• **The problem**: Please work out how many lines in the entries below include the string "FFFFFF", and reply with the number alone.

(Stored items from a collection)
# # # # #

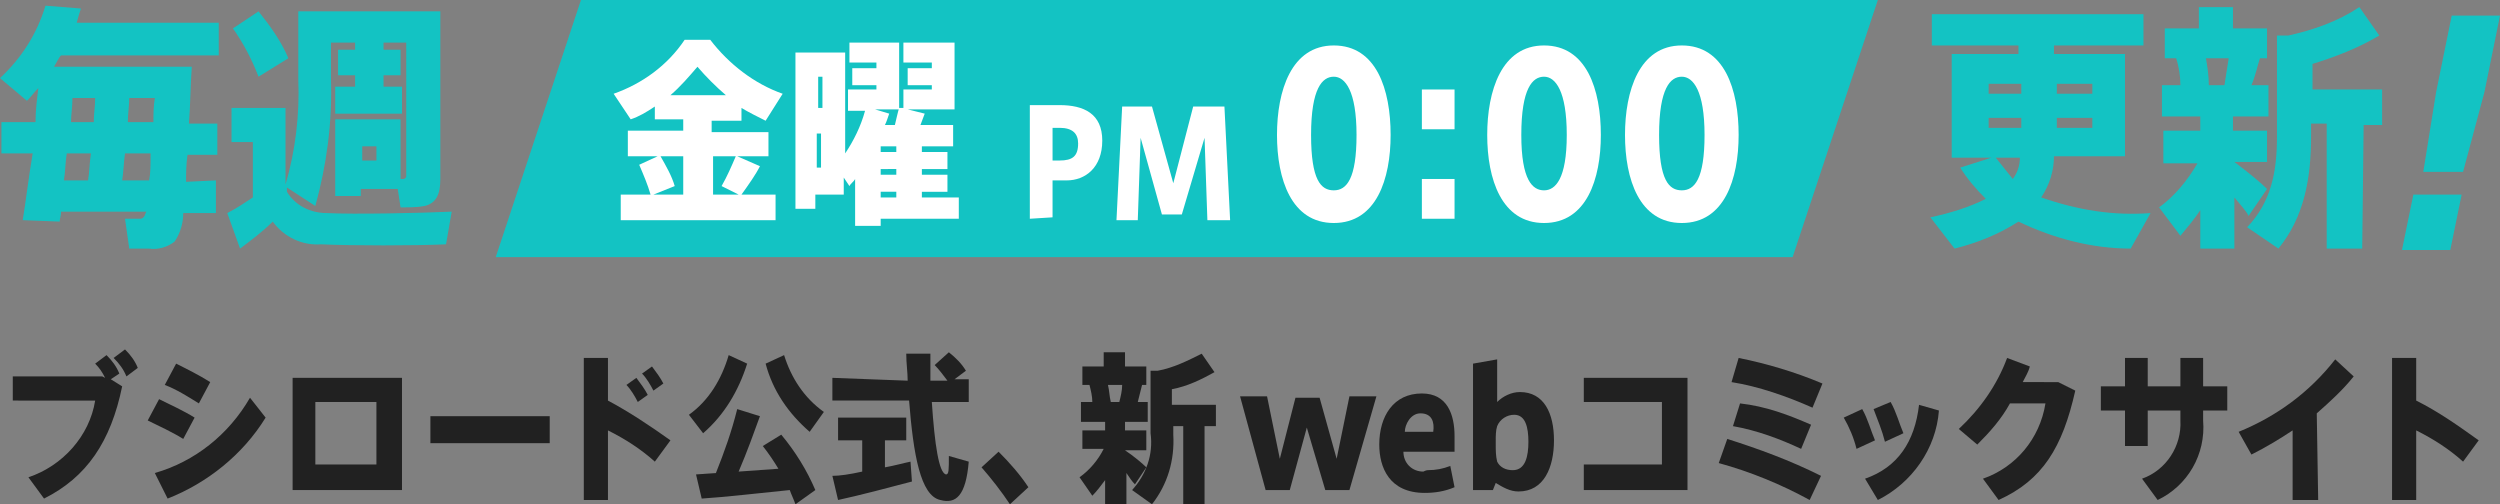 <?xml version="1.0" encoding="utf-8"?>
<svg version="1.1" xmlns="http://www.w3.org/2000/svg" xmlns:xlink="http://www.w3.org/1999/xlink" x="0px" y="0px"
	 viewBox="0 0 176 35.5" enable-background="new 0 0 176 35.5" xml:space="preserve">
<rect x="0" y="0" width="176" height="35.5" fill="#808080" stroke="none"/>
<path fill="#212121" d="M7.2,26.5l0.2,0.1c-0.2-0.4-0.4-0.7-0.7-1L7.5,25c0.4,0.4,0.7,0.8,0.9,1.3l-0.6,0.4l0.8,0.5
	c-0.8,3.9-2.5,6.4-5.5,7.9L2,33.6c2.4-0.8,4.3-2.9,4.7-5.4H0.9v-1.7C0.9,26.5,7.2,26.5,7.2,26.5z M9.7,25.9l-0.8,0.6
	C8.7,26,8.4,25.6,8,25.2l0.8-0.6C9.2,25,9.5,25.4,9.7,25.9z"/>
<polygon fill="#13C3C3" points="126.2,18.1 34.9,18.1 40.9,0 132.2,0 "/>
<path fill="#212121" d="M13.7,29.4l-0.8,1.5c-0.8-0.5-1.7-0.9-2.5-1.3l0.8-1.5C12,28.5,12.9,28.9,13.7,29.4z M17.6,28l1.1,1.4
	c-1.6,2.6-4.1,4.6-6.9,5.7l-0.9-1.8C13.7,32.5,16.1,30.6,17.6,28z M14.8,26.9L14,28.4c-0.8-0.5-1.6-1-2.4-1.3l0.8-1.5
	C13.2,26,14,26.4,14.8,26.9z"/>
<path fill="#212121" d="M28.3,26.6v7.9h-7.7v-7.9H28.3z M26.5,32.7v-4.4h-4.3v4.4H26.5z"/>
<path fill="#212121" d="M38.7,29.3v1.9h-8.4v-1.9H38.7z"/>
<path fill="#212121" d="M47.2,31l-1.1,1.5c-1-0.9-2.1-1.6-3.3-2.2v4.9h-1.7v-10h1.7v3C44.3,29,45.8,30,47.2,31z M44.8,26.6
	c0.3,0.4,0.6,0.8,0.8,1.2l-0.7,0.5c-0.2-0.4-0.5-0.9-0.8-1.2L44.8,26.6z M45.9,25.8c0.3,0.4,0.6,0.8,0.8,1.2L46,27.5
	c-0.2-0.4-0.5-0.9-0.8-1.2L45.9,25.8z"/>
<path fill="#212121" d="M52.6,25.6c-0.6,1.9-1.6,3.6-3.1,4.9l-1-1.3c1.4-1,2.3-2.5,2.8-4.2L52.6,25.6z M50.4,33.3
	c0.6-1.5,1.1-2.9,1.5-4.5l1.6,0.5c-0.4,1.1-0.9,2.5-1.5,3.9l2.8-0.2c-0.3-0.5-0.7-1.1-1.1-1.6l1.3-0.8c1,1.2,1.8,2.5,2.4,3.9l-1.4,1
	c-0.1-0.3-0.3-0.7-0.4-1c-2,0.2-4.6,0.5-6.2,0.6L49,33.4L50.4,33.3z M58,29l-1,1.4c-1.5-1.3-2.6-2.9-3.1-4.8l1.3-0.6
	C55.7,26.6,56.6,28,58,29z"/>
<path fill="#212121" d="M60.7,33.2V31H59v-1.6h4.8V31h-1.5v1.9c0.6-0.1,1.3-0.3,1.8-0.4l0.1,1.4c-1.5,0.4-3.8,1-5.2,1.3l-0.4-1.7
	C59.1,33.5,59.8,33.4,60.7,33.2z M63.9,26.8c0-0.6-0.1-1.2-0.1-1.9h1.7c0,0.7,0,1.3,0,1.9h1.2c-0.3-0.4-0.6-0.8-0.9-1.1l1-0.9
	c0.5,0.4,0.9,0.8,1.2,1.3l-0.8,0.6h1v1.6h-2.6c0.2,3,0.5,5,1,5.1c0.2,0,0.2-0.3,0.2-1.3l1.4,0.4c-0.2,2.4-0.9,3-2,2.7
	c-1.4-0.3-1.9-3.2-2.2-7h-5.4v-1.6L63.9,26.8z"/>
<path fill="#212121" d="M70.3,31.8c0.8,0.8,1.5,1.6,2.1,2.5l-1.3,1.2c-0.6-0.9-1.3-1.8-2-2.6L70.3,31.8z"/>
<path fill="#212121" d="M80.7,32.9l-0.8,1.2c-0.2-0.2-0.4-0.5-0.6-0.8v2.2h-1.5v-1.7c-0.3,0.4-0.6,0.8-0.9,1.1L76,33.6
	c0.7-0.5,1.3-1.2,1.7-2h-1.5v-1.3h1.6v-0.6h-1.7v-1.4h0.8c0-0.4-0.1-0.8-0.2-1.2h-0.5v-1.3h1.5v-1h1.5v1h1.5v1.3h-0.3
	c-0.1,0.4-0.2,0.8-0.3,1.2h0.7v1.4h-1.6v0.6h1.5v1.4h-1.5C79.8,32.1,80.4,32.6,80.7,32.9z M78.8,28.3c0.1-0.4,0.2-0.8,0.2-1.2h-1
	c0.1,0.4,0.1,0.8,0.2,1.2H78.8z M84.8,35.5h-1.5V30h-0.7v0.6c0.1,1.8-0.4,3.5-1.5,4.9l-1.4-1c1-1.1,1.5-2.5,1.3-4v-4.4h0.5
	c1.1-0.2,2.1-0.7,3.1-1.2l0.9,1.3c-0.9,0.5-1.9,1-3,1.2v1.1h3.1V30h-0.8V35.5z"/>
<path fill="#212121" d="M95,27.9h1.9L95,34.5h-1.7L92,30.1l-1.2,4.4h-1.7l-1.8-6.6h1.9l0.9,4.4l1.1-4.3h1.7l1.2,4.3L95,27.9z"/>
<path fill="#212121" d="M100.5,33.1c0.6,0,1.1-0.1,1.6-0.3l0.3,1.5c-0.7,0.3-1.4,0.4-2.1,0.4c-2.5,0-3.2-1.8-3.2-3.4
	c0-2,1-3.6,3-3.6c1.8,0,2.3,1.5,2.3,3v1.1h-3.6c0,0.8,0.6,1.4,1.4,1.4C100.4,33.1,100.5,33.1,100.5,33.1L100.5,33.1z M100,29.1
	c-0.7,0-1.1,0.8-1.1,1.3h2C101,29.7,100.8,29.1,100,29.1L100,29.1z"/>
<path fill="#212121" d="M103.7,34.5v-8.9l1.7-0.3v3c0.4-0.4,1-0.7,1.6-0.7c1.7,0,2.4,1.5,2.4,3.4c0,1.9-0.7,3.6-2.5,3.6
	c-0.6,0-1.1-0.3-1.6-0.6l-0.2,0.5H103.7z M105.3,31.3c0,0.4,0,0.8,0.1,1.2c0.2,0.4,0.6,0.6,1.1,0.6c0.9,0,1.1-1,1.1-2
	s-0.2-1.9-1-1.9c-0.5,0-1,0.3-1.2,0.8c-0.1,0.3-0.1,0.7-0.1,1V31.3z"/>
<path fill="#212121" d="M118.8,26.6v7.9h-7.3v-1.8h5.5v-4.4h-5.5v-1.7H118.8z"/>
<path fill="#212121" d="M128.2,33.5l-0.8,1.7c-2-1.1-4.2-2-6.4-2.6l0.6-1.7C123.8,31.6,126,32.4,128.2,33.5z M128.3,27l-0.7,1.7
	c-1.8-0.8-3.8-1.5-5.7-1.8l0.5-1.7C124.4,25.6,126.4,26.2,128.3,27L128.3,27z M127.5,29.9l-0.7,1.7c-1.5-0.7-3.1-1.3-4.8-1.6
	l0.5-1.6C124.3,28.6,125.9,29.2,127.5,29.9z"/>
<path fill="#212121" d="M131.1,28.8c0.4,0.7,0.6,1.5,0.9,2.2l-1.3,0.6c-0.2-0.8-0.5-1.5-0.9-2.2L131.1,28.8z M136.5,28.9
	c-0.2,2.7-1.9,5.1-4.3,6.3l-0.9-1.5c2.3-0.8,3.5-2.6,3.8-5.2L136.5,28.9z M133.1,28.3c0.4,0.7,0.6,1.5,0.9,2.2l-1.3,0.6
	c-0.2-0.8-0.5-1.5-0.8-2.3L133.1,28.3z"/>
<path fill="#212121" d="M144.9,26.9l1.2,0.6c-0.9,4-2.3,6.3-5.4,7.7l-1.1-1.5c2.3-0.8,4-2.8,4.4-5.3h-2.5c-0.6,1.1-1.4,2-2.3,2.9
	l-1.3-1.1c1.5-1.4,2.7-3.1,3.4-5l1.6,0.6c-0.1,0.4-0.3,0.7-0.5,1.1L144.9,26.9z"/>
<path fill="#212121" d="M149.6,27.2v-2h1.6v2h2.3v-2h1.6v2h1.7v1.7h-1.7v0.7c0.2,2.4-1.1,4.6-3.2,5.6l-1.1-1.5
	c1.7-0.6,2.8-2.3,2.7-4.1v-0.7h-2.3v2.5h-1.6v-2.5h-1.7v-1.7C147.9,27.2,149.6,27.2,149.6,27.2z"/>
<path fill="#212121" d="M163.2,35.2h-1.8v-4.9c-0.9,0.6-1.9,1.2-2.9,1.7l-0.9-1.6c2.7-1.1,5-2.8,6.8-5.1l1.3,1.2
	c-0.8,1-1.7,1.8-2.6,2.6L163.2,35.2L163.2,35.2z"/>
<path fill="#212121" d="M174.5,31l-1.1,1.5c-1-0.9-2.1-1.6-3.3-2.2v4.9h-1.7v-10h1.7v3C171.7,29,173.1,30,174.5,31z"/>
<path fill="#13C3C3" d="M15.2,12.7V15h-2.3c0,0.7-0.2,1.4-0.6,2c-0.5,0.4-1.2,0.6-1.8,0.5c-0.3,0-1,0-1.4,0l-0.3-2.1
	c0.3,0,0.7,0,1,0c0.1,0,0.2,0,0.3-0.1s0.1-0.2,0.2-0.4h-6c0,0.3-0.1,0.5-0.1,0.7l-2.6-0.1c0.2-1.2,0.4-2.9,0.7-4.7H0.1V8.6h2.4
	c0-0.8,0.1-1.6,0.2-2.4C2.4,6.5,2.2,6.8,1.9,7.1L0,5.5c1.5-1.4,2.6-3.1,3.2-5.1l2.5,0.2c-0.1,0.3-0.2,0.6-0.3,1h10v2.3H4.3
	C4.1,4.1,4,4.4,3.8,4.7h9.7c-0.1,1.5-0.1,2.8-0.2,4h2v2.2h-2.1c-0.1,0.7-0.1,1.3-0.1,1.9L15.2,12.7z M6.2,12.7
	c0.1-0.6,0.1-1.2,0.2-1.9H4.7c-0.1,0.6-0.1,1.3-0.2,1.9H6.2z M6.6,8.6c0-0.6,0.1-1.1,0.1-1.7H5.1C5.1,7.5,5,8.1,5,8.6H6.6z
	 M10.5,12.7c0.1-0.5,0.1-1.1,0.1-1.9H8.8c-0.1,0.7-0.1,1.3-0.2,1.9H10.5z M10.8,8.6c0-0.5,0-1.1,0.1-1.7H9.1C9.1,7.4,9,8,9,8.6H10.8
	z"/>
<path fill="#13C3C3" d="M23,15c1.9,0.1,6.6,0,8.8-0.1l-0.4,2.3c-2.1,0.1-6.7,0.1-8.8,0c-1.3,0.1-2.6-0.5-3.4-1.6
	c-0.7,0.7-1.5,1.3-2.3,1.9L16,15c0.6-0.3,1.2-0.7,1.8-1.1V10h-1.5V7.6h3.8V13c0.7-2.4,1-4.9,0.9-7.4V0.8h10v11.8
	c0,1.1-0.3,1.7-1.1,1.9c-0.5,0.1-1.1,0.1-1.7,0.1L28,13.3h-2.6v0.5h-1.8V8.4h4.6v4.2h0.2c0.1,0,0.2-0.1,0.2-0.2V3H27v0.5h1.2v1.8H27
	v0.8h1.3V8h-4.7V6.1H25V5.3h-1.2V3.5H25V3h-1.7v2.6c0.1,3-0.3,6-1.1,8.9l-2-1.3v0.3C20.8,14.5,21.9,15,23,15z M18.2,0.8
	c0.8,1,1.6,2.1,2.1,3.3l-2.1,1.3C17.7,4.1,17.1,3,16.4,2L18.2,0.8z M26.5,11.3v-1h-1v1H26.5z"/>
<path fill="#13C3C3" d="M151.4,15l-1.4,2.5c-2.7,0-5.4-0.7-7.9-1.9c-1.4,0.9-2.9,1.5-4.5,1.9l-1.7-2.2c1.4-0.3,2.7-0.7,3.9-1.3
	c-0.7-0.7-1.3-1.4-1.8-2.2l2.2-0.7h-2.8V3.8h4.7V3.2H136V1h14.9v2.2h-6.3v0.6h5V11h-5c0,1-0.3,2-0.9,2.9
	C146.3,14.8,148.8,15.2,151.4,15z M140,6.6h2.3V5.9H140V6.6z M140,9h2.3V8.3H140V9z M141.7,12.6c0.3-0.4,0.5-0.9,0.5-1.5h-1.7
	C140.9,11.6,141.3,12.1,141.7,12.6L141.7,12.6z M147.3,6.6V5.9h-2.5v0.7H147.3z M147.3,9V8.3h-2.5V9H147.3z"/>
<path fill="#13C3C3" d="M159.6,13.3l-1.3,1.9c-0.2-0.4-0.6-0.8-1-1.3v3.6h-2.4v-2.7c-0.4,0.6-0.9,1.2-1.4,1.8l-1.5-2
	c1.1-0.8,2-1.9,2.7-3.1h-2.4V9.2h2.6v-1h-2.7V6h1.3c0-0.6-0.1-1.3-0.3-1.9h-0.8V2h2.4V0.5h2.4V2h2.4v2.1h-0.5
	c-0.2,0.6-0.3,1.2-0.6,1.9h1.2v2.2h-2.5v1h2.4v2.2h-2.3C158.1,12,159.1,12.8,159.6,13.3z M156.6,6c0.1-0.6,0.2-1.3,0.3-1.9h-1.6
	c0.1,0.6,0.2,1.2,0.2,1.9H156.6z M166.3,17.5h-2.5V8.7h-1.1v0.9c0,3-0.5,5.7-2.3,7.9l-2.2-1.5c1.7-1.8,2.1-3.9,2.1-6.4V2.5h0.8
	c1.8-0.4,3.5-1,5-2l1.4,2c-1.5,0.9-3.1,1.5-4.7,2v1.8h4.9v2.5h-1.3L166.3,17.5z"/>
<path fill="#13C3C3" d="M173.3,13.7l-0.8,3.9h-3.4l0.8-3.9C169.9,13.7,173.3,13.7,173.3,13.7z M176,1.1l-1.1,5.4l-1.5,5.6h-2.8
	l0.9-5.6l1.1-5.4L176,1.1z"/>
<path fill="#FFFFFF" d="M45.8,13.7c-0.2-0.7-0.5-1.4-0.8-2.1l1.3-0.6h-2.1V9.2h3.9V8.4h-2V7.5c-0.6,0.4-1.1,0.7-1.7,0.9l-1.2-1.8
	c2-0.7,3.8-2,5-3.8H50c1.3,1.7,3.1,3.1,5.1,3.8l-1.2,1.9c-0.6-0.3-1.2-0.6-1.7-0.9v0.9h-2.1v0.8h4V11h-2.2l1.6,0.7
	c-0.3,0.6-0.8,1.3-1.3,2h2.4v1.8H43.7v-1.8H45.8z M48.1,13.7V11h-1.6c0.4,0.7,0.8,1.4,1,2.1L46,13.7H48.1z M51.1,6.7
	c-0.7-0.6-1.4-1.3-2-2c-0.6,0.7-1.2,1.4-1.9,2H51.1z M52,13.7l-1.2-0.6c0.4-0.7,0.7-1.4,1-2.1h-1.6v2.7H52z"/>
<path fill="#FFFFFF" d="M67.5,13.9v1.5H62v0.5h-1.8v-3.3c-0.1,0.2-0.3,0.3-0.4,0.5l-0.4-0.6v1.2h-2v1H56v-11h3.5v7.1
	c0.6-0.9,1.1-1.9,1.4-3h-1.2V6.3h2V6H60V4.8h1.7V4.4h-1.9V3h3.5v4.7h-1.7l1,0.3c-0.1,0.3-0.2,0.6-0.3,0.8H63
	c0.1-0.4,0.2-0.9,0.3-1.2h0.3V6.3h2V6h-1.7V4.8h1.7V4.4h-2V3h3.6v4.7h-3.3L65.1,8l-0.3,0.8h2.3v1.5h-2.2v0.4h1.8v1.2h-1.8v0.4h1.8
	v1.2h-1.8v0.4C64.9,13.9,67.5,13.9,67.5,13.9z M57.9,7.6V5.4h-0.3v2.2C57.6,7.6,57.9,7.6,57.9,7.6z M57.5,9.4v2.4h0.3V9.4H57.5z
	 M63.1,10.7v-0.4H62v0.4H63.1z M63.1,12.3v-0.4H62v0.4H63.1z M63.1,13.9v-0.4H62v0.4H63.1z"/>
<path fill="#FFFFFF" d="M72.5,15.4v-8h2.1c1.7,0,3,0.6,3,2.5s-1.2,2.8-2.5,2.8h-1v2.6L72.5,15.4z M74.6,11.3c0.9,0,1.3-0.3,1.3-1.2
	c0-0.7-0.4-1.1-1.3-1.1h-0.5v2.3H74.6z"/>
<path fill="#FFFFFF" d="M83.2,15.1h-1.4l-1.5-5.4l-0.2,5.8h-1.5l0.4-8h2.1l1.5,5.4L84,7.5h2.2l0.4,8H85l-0.2-5.8L83.2,15.1z"/>
<path fill="#FFFFFF" d="M97.9,9.5c0,3.1-1,6.2-4,6.2s-4-3.1-4-6.2s1-6.3,4-6.3S97.9,6.3,97.9,9.5L97.9,9.5z M92.3,9.5
	c0,3.2,0.7,3.9,1.6,3.9s1.6-0.8,1.6-3.9s-0.8-4.1-1.6-4.1S92.3,6.2,92.3,9.5L92.3,9.5z"/>
<path fill="#FFFFFF" d="M102.4,9.1h-2.3V6.3h2.3V9.1z M102.4,15.4h-2.3v-2.8h2.3V15.4z"/>
<path fill="#FFFFFF" d="M112.7,9.5c0,3.1-1,6.2-4,6.2s-4-3.1-4-6.2s1-6.3,4-6.3S112.7,6.3,112.7,9.5L112.7,9.5z M107.1,9.5
	c0,3.2,0.8,3.9,1.6,3.9s1.6-0.8,1.6-3.9s-0.8-4.1-1.6-4.1S107.1,6.2,107.1,9.5L107.1,9.5z"/>
<path fill="#FFFFFF" d="M122.4,9.5c0,3.1-1,6.2-4,6.2s-4-3.1-4-6.2s1-6.3,4-6.3S122.4,6.3,122.4,9.5L122.4,9.5z M116.8,9.5
	c0,3.2,0.7,3.9,1.6,3.9s1.6-0.8,1.6-3.9s-0.8-4.1-1.6-4.1S116.8,6.2,116.8,9.5L116.8,9.5z"/>
</svg>

# # # # #

• **Written answer**: 8